The are a lot of fake coins out there going for under $100. Lots of fake Morgan’s and Peace dollars on Ebay. Plus lots of fake silver bullion coins out there as well and that includes Silver Eagles. If someone can make a fake coin for a buck or less, and sell it for $20 you can bet they are going to do it. I recently saw two fake Morgan’s. They were about VF in condition. They looked and weighed right. The only thing that gave them away was that you could pick them up with a magnet. So don’t think just because you are not going for a high priced coin you are safe. Which reminds me, I’m going to a coin show this weekend. I need to pack my magnet.
I was under the impression that it wasn't worth faking lower end coins. I guess. I should do some research in that area first. There is a lcs here next weekend I'll probably go and just look around and try to spot fakes and cleaned coins.
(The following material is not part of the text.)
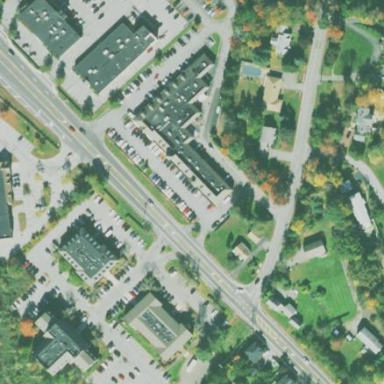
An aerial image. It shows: Retail building.

Basically one needs to know how an uncleaned coin looks like in all circumstances and then you have to be able to spot the sometimes minute clues the cleaned coin shows and be able to recognize/say that that is 'not right' for an uncleaned one. Just looking at examples of cleaned coins and noting the characteristics of the ones you see is not enough. You have to have much more experience with uncleaned ones to know how they look uncleaned. One needs to have a good grasp of how coins look like when they are minted, know the minting process, and then ask themselves if the 'error' they think they are seeing could happen at the mint. Basically if everyone knew that and applied it, we would never see roadkilled cents being identified as 'error' coins and the poster wanting to know what type of error and it's value.
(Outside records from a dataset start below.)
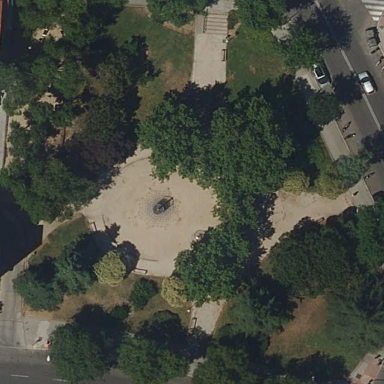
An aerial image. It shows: Lovely park for leisure and relaxation.
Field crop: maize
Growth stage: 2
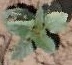
Species: datura

For my part I bought Peace Dollars (low end) knowing in advance I'd get some cleaned ones in the lot. I sent them in to be graded and I received some cleaned coins and some original coins back from the grading service (1). After having a couple of dozen examples at my disposal I began examining them to learn the differences in the surfaces - you can cover the labels and test yourself. This along with speaking with helpful dealers has allowed me to cover some good ground. I'm very new at this but I'm getting burned with cleaned coins quite a bit less. I might be rejecting coins that aren't cleaned but I don't need to spend the money anyways - no loss. View grading fees, bad purchases, and such as just the cost of admission and as a learning opportunity. NOTES ----------------------------------------------------------------------- 1: ANACS - because they charge about $10 per coin if you get them during a seasonal special.
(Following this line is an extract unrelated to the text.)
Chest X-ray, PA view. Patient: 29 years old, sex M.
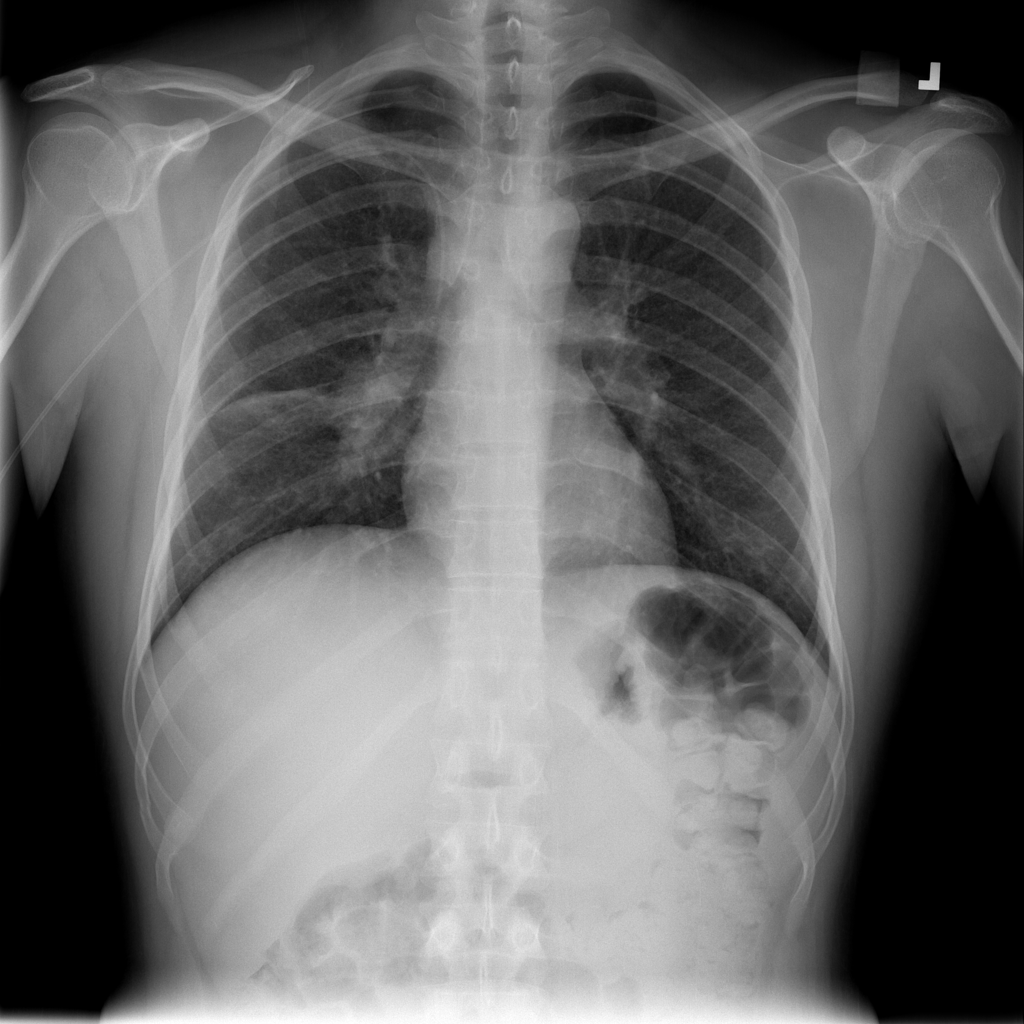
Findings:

And sometimes even the guy you are buying from may to unaware he is selling a fake. Recently a jeweler in Canada walked into a Bank of Canada and bought a 1 oz gold bar minted by the Royal Canadian Mint. The bar was still in its package from the mint. He walks back across the street to his jewelry store, takes the bar out of the package and puts it in his roller to flatten it out. Immediately we realized something was very wrong. It turned out it was a tungsten bar with a heavy gold plate on it. Well you can just imagine what happened when he walked back across the street to the bank to inform them they had just sold him a fake. So now there is a big investigation going on. But you have to wonder just how many of those fake bars were sold to dealers for resale. There was a guy on ebay selling one ounce bars from the Perth Mint. He offered a full guarantee and refund on the bars, unless you removed it from the package. Well just how can you tell if the bar is real or not unless you remove it from the package!! The whole thing just makes one want to quit collecting coins and start collecting stamps!!! So the way I cope is I don't buy any high grade, high value coins unless they have been graded and slabbed by one of the big 4 grading companies. I prefer to buy PCGS, but I send my coins into ANACS because it is a much better value.
If you're committed to "Buy Low, ..." why not? I buy sheets at below face and use them to make "travel covers", such as including a "statehood" stamp from each state the train travels through. It's a cool memento! And with today's color inkjet and xerographic printers, custom-made cachets are a breeze. The toughest part is getting legible cancellations.